Gotta love that gal.
Babs in the witness box would be something for the ages.
blatham wrote:joe
Pleased you are on the beat. Any interest in personally watching some of this trial?
That would be something like a busman's holiday for me. I suppose it would be interesting, but my day job keeps me busy enough in other courts.
Interesting to learn that King James of Illinois was involved with Hollinger. You say he was on the audits board, Joe--did he fail to uncover the skulduggery? Was he perhaps not in a position to have learned? Does anyone suggest Big Jim's skirts are soiled?
Setanta wrote:Interesting to learn that King James of Illinois was involved with Hollinger. You say he was on the audits board, Joe--did he fail to uncover the skulduggery? Was he perhaps not in a position to have learned? Does anyone suggest Big Jim's skirts are soiled?

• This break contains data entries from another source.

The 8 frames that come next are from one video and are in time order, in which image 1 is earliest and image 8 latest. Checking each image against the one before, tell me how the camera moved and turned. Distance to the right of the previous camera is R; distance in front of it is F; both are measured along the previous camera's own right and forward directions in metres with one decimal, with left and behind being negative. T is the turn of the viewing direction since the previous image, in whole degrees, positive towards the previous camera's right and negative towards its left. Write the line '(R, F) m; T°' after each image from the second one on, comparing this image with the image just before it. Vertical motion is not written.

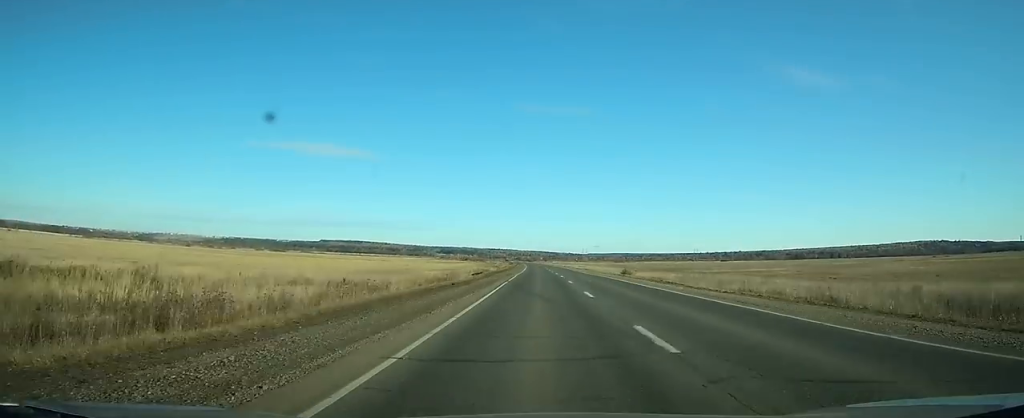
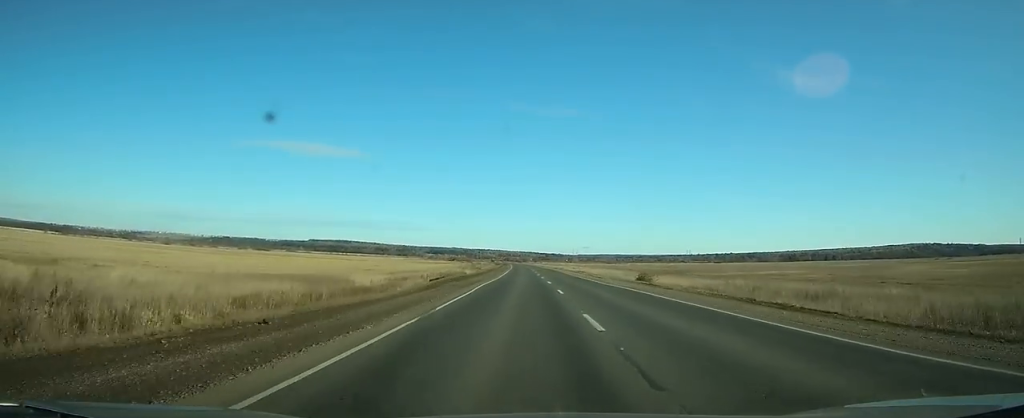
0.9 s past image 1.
(-0.1, +20.0) m; 0°
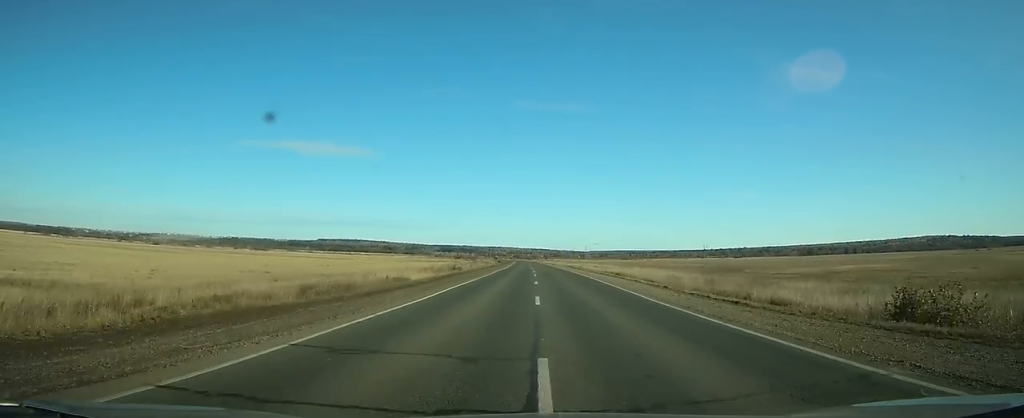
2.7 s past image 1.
(+0.2, +40.3) m; 0°
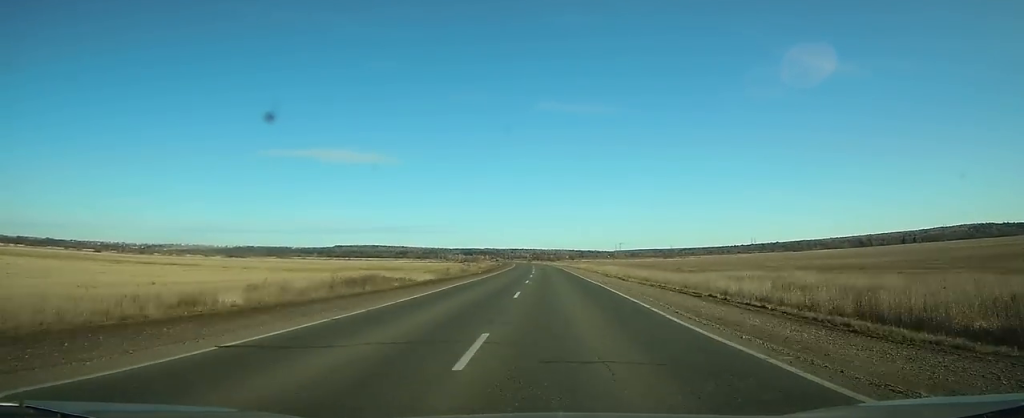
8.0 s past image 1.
(-1.5, +126.7) m; -2°
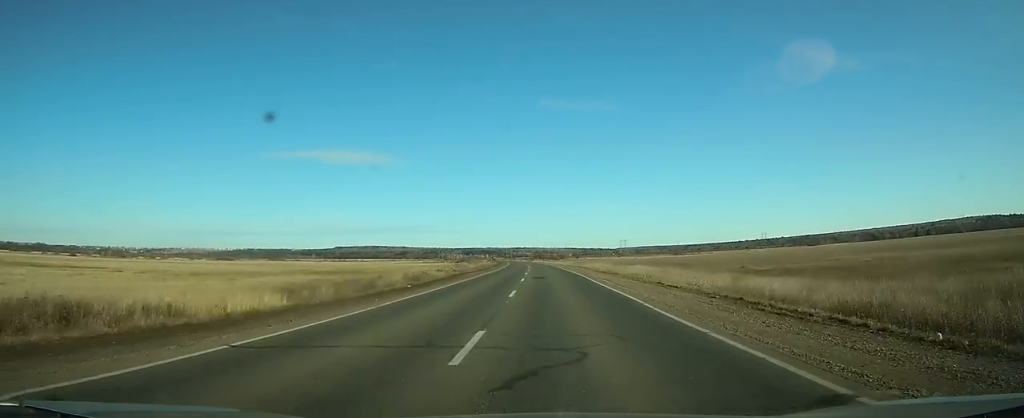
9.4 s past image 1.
(-0.3, +35.1) m; -1°
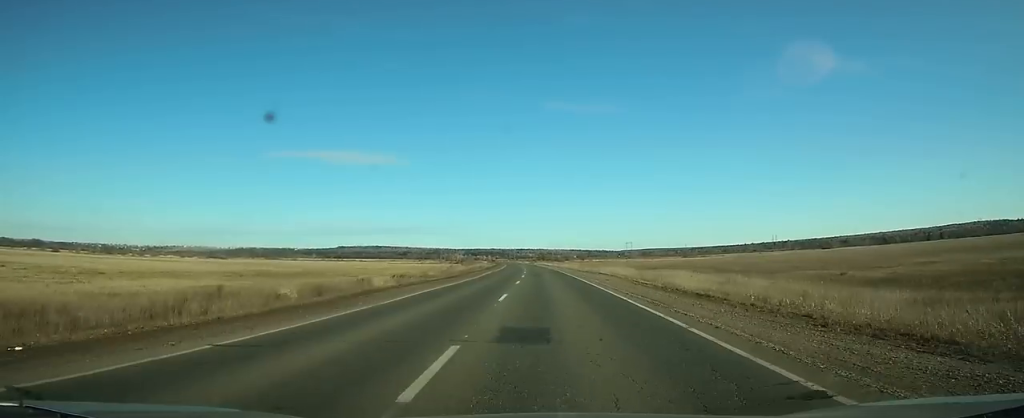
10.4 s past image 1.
(-0.3, +25.3) m; -1°
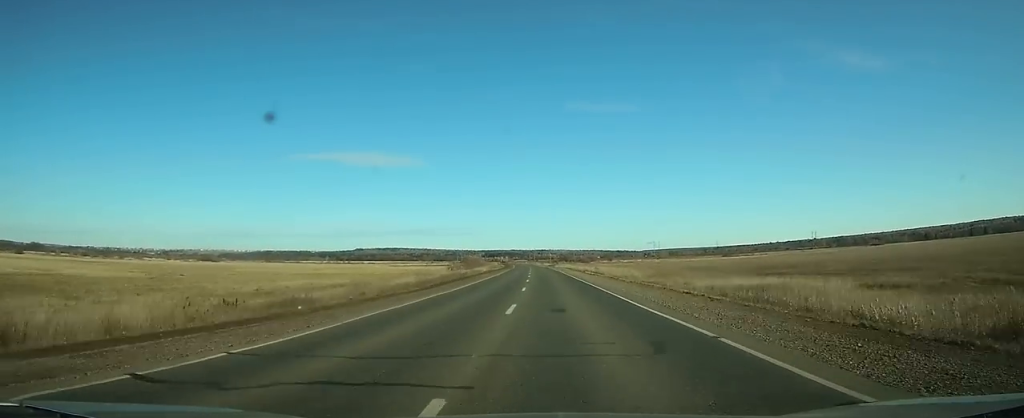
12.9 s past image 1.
(-0.6, +62.7) m; -1°
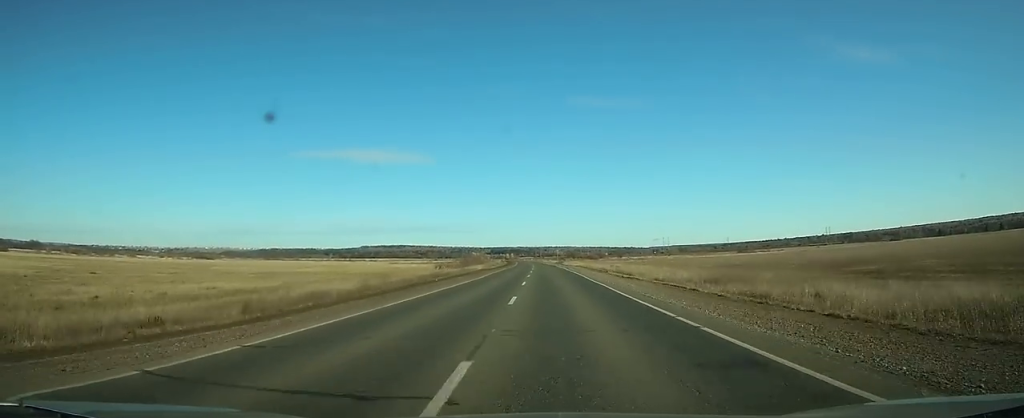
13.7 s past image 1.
(0.0, +22.1) m; 0°

Thompson, it appears, is actually
being sued by Black, under the theory that, if Black has to pay back the money that he stole, then the audit committee that was headed by Thompson was also negligent in failing to stop Black from stealing all that money. That's a rather ... shall we say "imaginative" theory, but I give Black credit for this display of some genuine Episcopalian
chutzpah.
In general, there has been a lot of low-level criticism of Thompson -- no one has, as far as I know, accused "Big Jim" of putting his own hands in the cookie jar, but the criticism has been more along the lines of: "he should have known more, he should have been more active,
he should have at least asked some questions." Given that Thompson is a former federal prosecutor, famous for his investigations into corruption, it is especially damning to his reputation that he apparently didn't have the slightest inkling of the grotesque financial chicanery at Hollinger.
As I mentioned before, it will be very interesting to see what he has to say if he is called to testify.
I was never a big fan of King James, especially as i was a state employee during his reign, when he sabotaged the civil service system. I didn't know about Thompson's involvement, and i suspect i'm really going to enjoy this.
It's early days of course...still a long way to go, but
this is a blow for the prosecution.
Quote:Some of the payments at the center of Conrad Black's criminal fraud trial were reported to U.S. government regulators in a timely fashion and not hidden as prosecutors have suggested, jurors were told on Thursday.
Under cross examination, Fred Creasey, a former comptroller at Black's Canadian holding company Hollinger Inc., was shown a document bearing his name by defense lawyer Patrick Tuite.
Creasey had testified on Wednesday that some of the money paid to Black and his associates from newspaper property sales in 2000 did not show up in regulatory filings that Hollinger's U.S. subsidiary, Chicago-based Hollinger International, had made until May 2001.
These next two weeks should be interesting:
Radler's testimony begins...
Place your bets.
Will Conrad testify?
I'm not so sure he'll be able to resist himself.
Now the defense team is accusing Radler of lying and being a habitual liar. What it displays is Black's character. If Radler is a liar why did black keep him all these years? Was Black using Radler i.e. doing the lying bit for Black? Radler therefore was a hit man for Black. Radler was lying for Black so it is Black who is lying. Question for Black would be if he knew Radler is a liar and untrustworthy why did he not fire Radler? Or was Radler really a trustworthy person but doing the lying for Black?
thanks bethie.
I surely much overestimated interest in this case (even my own, actually). I feel a bit like Rip Van Winkle waking up and finding his wife even more beautiful than when he fell off to sleep.
Oh, you smoothie.
Lord Black was not too popular over here, either (do you guys get to see Private Eye ?) and so I personally am looking forward to the sentencing process.
McT
(knitting by the tumbril)
Fade to Black: Jurors Explain Split Decision in Trial
Fade to Black: Jurors Explain Split Decision in Trial
Published: July 14, 2007
E & P
CHICAGO - Jurors who convicted former media baron Conrad Black say the complicated corporate fraud case became easier to understand as prosecutors laid out their evidence, and camera images showing the British lord carrying boxes out to his car were key to his conviction on one charge.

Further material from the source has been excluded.